2005 年 36 巻 2 号 p. 69-79
Aims: To compare cilostazol with ticlopidine for long-term efficacy and safety as an adjunctive antiplatelet therapy after coronary stenting.
Methods: Using published clinical studies retrieved through Medline and other databases from 1986-2004, meta-analyses were employed to evaluate efficacy and adverse clinical events for cilostazol or ticlopidine coadministered with aspirin after coronary stenting. Major adverse cardiac events (MACE), quantitative coronary angiographic parameters (QCA) including minimal lumen diameter (MLD), late loss, loss index of diseased vessels, and net gain, or adverse clinical events after coronary stenting were compared between the two study arms and expressed with the mean difference or odds ratios (OR) specific for the individual studies and meta-analytic pooled estimate for the mean difference or OR.

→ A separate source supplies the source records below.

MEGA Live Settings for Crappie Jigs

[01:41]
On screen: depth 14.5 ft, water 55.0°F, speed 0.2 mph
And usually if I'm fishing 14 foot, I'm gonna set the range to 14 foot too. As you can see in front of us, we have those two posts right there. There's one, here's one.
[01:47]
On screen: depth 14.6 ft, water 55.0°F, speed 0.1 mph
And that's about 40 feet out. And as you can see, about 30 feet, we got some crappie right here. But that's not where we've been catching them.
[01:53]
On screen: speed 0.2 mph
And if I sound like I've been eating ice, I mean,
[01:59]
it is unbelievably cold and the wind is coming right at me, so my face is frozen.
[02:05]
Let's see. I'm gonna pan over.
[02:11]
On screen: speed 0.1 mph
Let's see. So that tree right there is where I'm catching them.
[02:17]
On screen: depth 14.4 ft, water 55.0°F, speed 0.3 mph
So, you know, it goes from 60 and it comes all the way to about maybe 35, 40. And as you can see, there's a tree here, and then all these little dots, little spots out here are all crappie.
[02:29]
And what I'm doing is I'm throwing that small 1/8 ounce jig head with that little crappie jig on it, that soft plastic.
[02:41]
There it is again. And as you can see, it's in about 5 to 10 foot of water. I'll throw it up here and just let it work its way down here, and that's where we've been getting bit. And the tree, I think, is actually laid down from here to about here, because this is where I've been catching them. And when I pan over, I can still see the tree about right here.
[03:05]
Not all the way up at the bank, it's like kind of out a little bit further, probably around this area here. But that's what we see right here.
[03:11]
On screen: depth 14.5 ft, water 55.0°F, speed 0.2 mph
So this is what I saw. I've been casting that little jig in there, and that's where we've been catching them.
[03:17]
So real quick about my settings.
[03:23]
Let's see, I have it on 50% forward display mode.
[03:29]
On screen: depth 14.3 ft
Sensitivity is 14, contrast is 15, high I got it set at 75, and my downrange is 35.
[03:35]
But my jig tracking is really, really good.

Results: Five of the clinical studies we reviewed met the inclusion criteria and underwent metaanalysis. The cilostazol was found to be superior in the pooled estimate of the total clinical outcomes and QCA as compared to ticlopidine (OR [95% CI]: 0.59 [0.46, 0.75]), MLD (WMD [95% CI]: 0.27 mm [0.17, 0.37]), late loss (WMD [95% CI]: -0.36 mm [-0.51, -0.22]), loss index (WMD [95% CI]: -0.16 [-0.24, -0.08]), and net gain (WMD [95% CI]: 0.49 mm [0.30, 0.68]). The pooled estimate of all adverse clinical events in cilostazol was approximately the same as that seen for ticlopidine.

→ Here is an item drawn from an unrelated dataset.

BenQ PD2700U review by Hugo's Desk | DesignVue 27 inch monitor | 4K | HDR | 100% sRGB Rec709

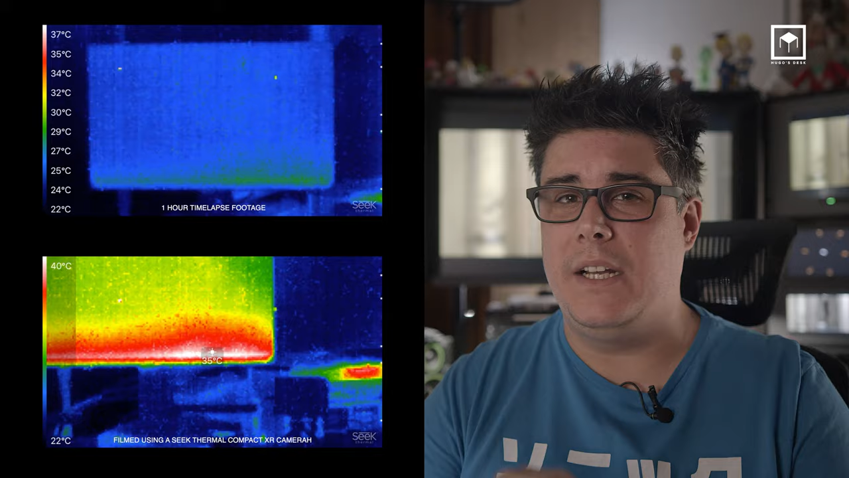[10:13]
On screen: scale bottom 22°C
I basically measured it with a temperature camera. I got about 36 degrees after about an hour of use. I think it's okay. I mean, only time will tell if this makes any changes to the fidelity of the monitor. I guess I will only know in a couple of years.

Conclusions: Our results suggest that cilostazol plus aspirin therapy, as compared to ticlopidine plus aspirin therapy, might be superior with regard to long-term efficacy, particularly in preventing late res tenosis. Although cilostazol exhibits few serious adverse clinical events, we must pay attention to increased heart rate or the occurrence of arrhythmias during treatments.